On March 26, Deputy Prime Minister and Finance Minister Koo Yoon-cheol announced a comprehensive emergency economic response plan titled Emergency Economic Response Measures to The Middle East War. The package included subsidies for higher-cost alternative naphtha procurement from non-Middle Eastern sources, efforts to secure substitute LNG cargoes through swaps, increased nuclear power utilization above 80%, and eased seasonal restrictions on coal-fired power generation.

Koo announced the government would implement a war supplementary budget of approximately 25 trillion won ($16.6 billion) in April, financed by excess tax revenues. A third stage of response was planned for deployment if the situation extended beyond May.

In a significant diplomatic shift, the South Korean government disclosed that it had discussed with domestic companies the potential import of Russian crude oil and naphtha, reversing course after halting oil trade with Moscow since 2022. The government confirmed that financial and sanctions-related barriers to purchasing Russian petroleum products had been effectively removed, with the United States allowing payments in currencies including yuan, rubles, and dirhams. LG Chem's CEO publicly thanked the government for supporting the procurement and payment of Russian naphtha.

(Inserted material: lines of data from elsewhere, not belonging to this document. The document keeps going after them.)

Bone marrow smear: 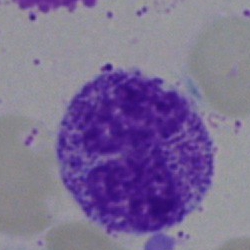Q: What type of cell is this?
A: Polymorphonuclear neutrophil.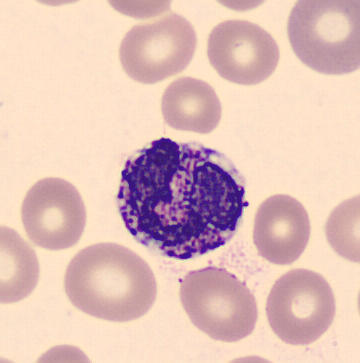This is a basophil. Peripheral blood film.
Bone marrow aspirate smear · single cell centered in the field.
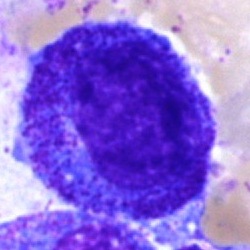

Showing a progranulocyte.
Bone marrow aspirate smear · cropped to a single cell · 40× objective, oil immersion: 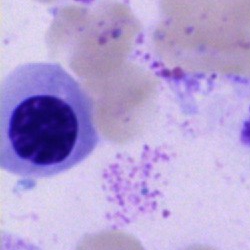

Q: What is the morphological classification of this cell?
A: This is an erythroblast.
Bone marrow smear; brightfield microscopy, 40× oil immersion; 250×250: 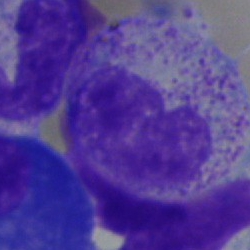 Cell type = metamyelocyte.
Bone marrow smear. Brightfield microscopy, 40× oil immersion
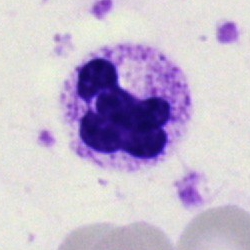

{"cell_type": "neutrophil (segmented)", "lineage": "myeloid"}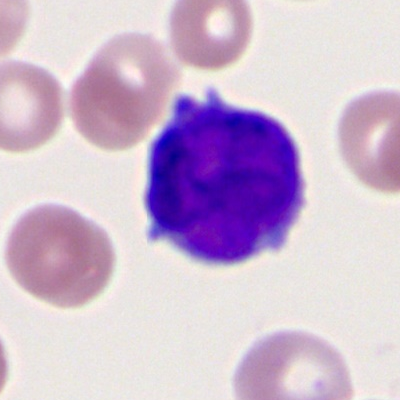
A myeloblast on a peripheral blood smear.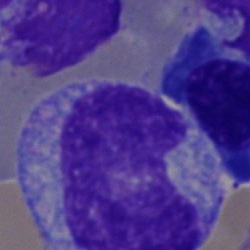

Specimen: bone marrow smear.
Classification: metamyelocyte.
Lineage: myeloid.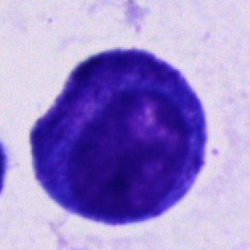A promyelocyte on a bone marrow smear.
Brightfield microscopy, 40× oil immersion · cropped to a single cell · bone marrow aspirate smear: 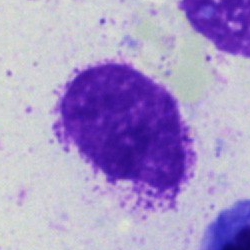
{"cell_type": "artefact"}
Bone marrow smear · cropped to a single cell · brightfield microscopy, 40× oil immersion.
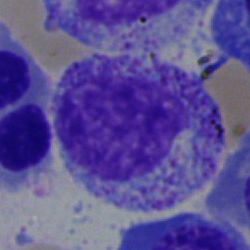
{"cell_type": "myelocyte", "lineage": "myeloid"}
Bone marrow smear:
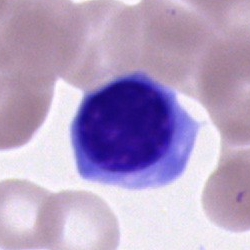 This is a normoblast.
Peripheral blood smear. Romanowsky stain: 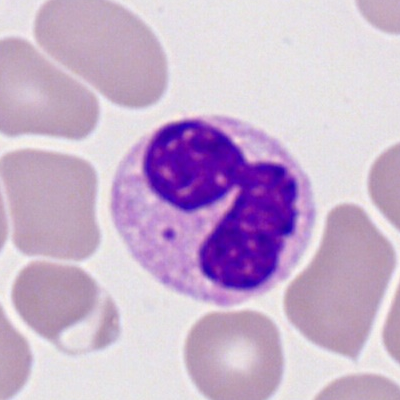

The cell type is neutrophil (segmented).
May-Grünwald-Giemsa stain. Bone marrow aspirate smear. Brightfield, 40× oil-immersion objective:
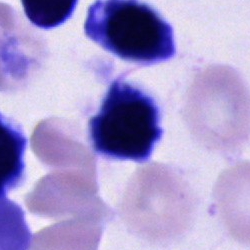 Q: What cell is this?
A: It is a cell of indeterminate lineage.
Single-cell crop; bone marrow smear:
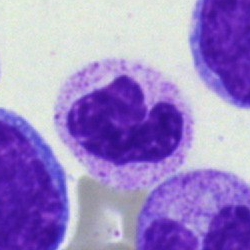 Morphology — polymorphonuclear neutrophil.
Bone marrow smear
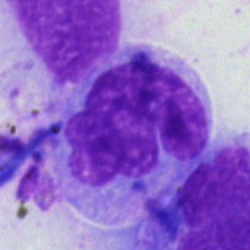Cell: monocyte.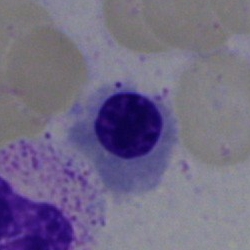 Morphology consistent with a nucleated red blood cell.
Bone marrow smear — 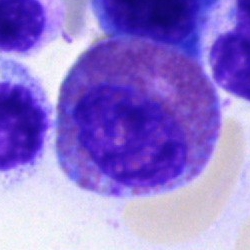Classification = eosinophil.
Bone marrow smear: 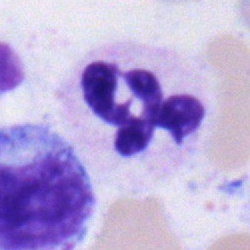The cell shown is a segmented neutrophil.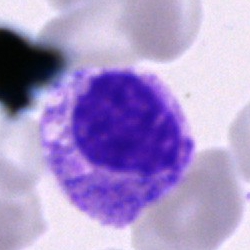Q: What cell is this?
A: A polymorphonuclear neutrophil.
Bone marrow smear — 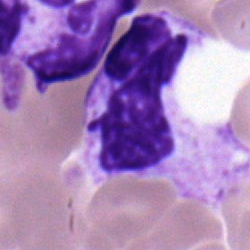

This is a segmented neutrophil.
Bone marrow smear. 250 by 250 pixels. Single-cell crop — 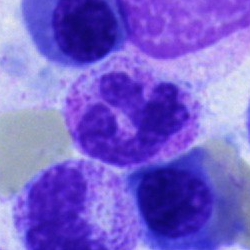

Q: What type of cell is this?
A: Neutrophil (segmented).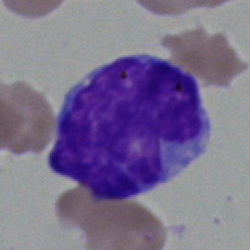 Blast.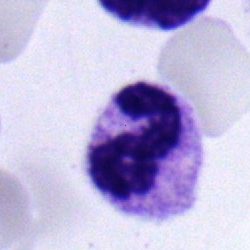

The cell shown is a polymorphonuclear neutrophil.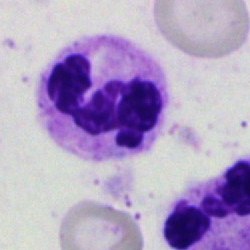 Polymorphonuclear neutrophil.
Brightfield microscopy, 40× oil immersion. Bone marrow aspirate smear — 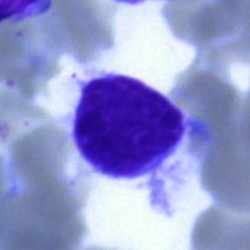
Q: Which cell type is shown here?
A: Typical lymphocyte.
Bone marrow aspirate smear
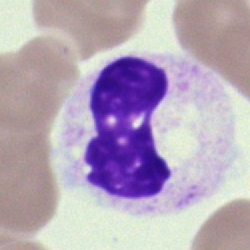
Showing a neutrophil (band).
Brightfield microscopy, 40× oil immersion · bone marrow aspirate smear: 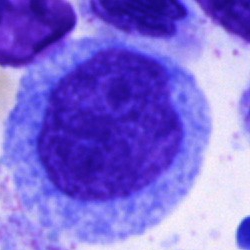

Impression → progranulocyte.
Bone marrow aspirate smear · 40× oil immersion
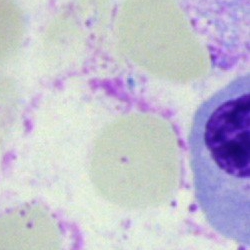
Impression → artefact.
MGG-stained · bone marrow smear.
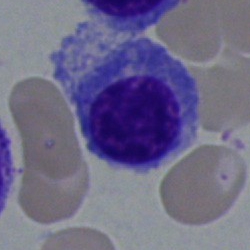

Q: What cell is this?
A: It is a nucleated red blood cell.

The government also activated emergency supply adjustment measures under the Special Measures Act for Strengthening Competitiveness and Stabilizing the Supply Chain of Materials, Parts and Equipment Industries. These powers allow authorities to establish or modify production plans, adjust supply priorities, and issue directives on transportation, storage, and stockpiling. Officials stated these are the strongest measures available, never invoked even during the mask crisis of 2020 or the urea solution crisis of 2021.

The broader petrochemical industry restructuring already underway in South Korea added complexity to the crisis. In August 2025, the country's 10 largest petrochemical companies had agreed to cut naphtha cracking capacity by up to 25% (2.7 to 3.7 million metric tons annually) as part of a government-led consolidation effort to address chronic oversupply driven by Chinese competition. The Hormuz crisis accelerated these structural shifts.

The impact extended across multiple downstream sectors. Shipbuilding companies, which use ethylene gas for steel plate cutting, reported only about 20 days of supply remaining. Auto parts manufacturers raised alerts over potential shortages of ABS (acrylonitrile butadiene styrene), a key material for vehicle interior and exterior components. Textile firms strengthened raw material monitoring in anticipation of prolonged disruptions.

The government was also reviewing whether to extend export controls to downstream petrochemical products such as ethylene and synthetic resin. Park Dong-il, head of industrial policy at the Ministry of Trade, Industry and Energy, confirmed at a round-table meeting with company representatives that the government was giving serious consideration to broader petrochemical export restrictions.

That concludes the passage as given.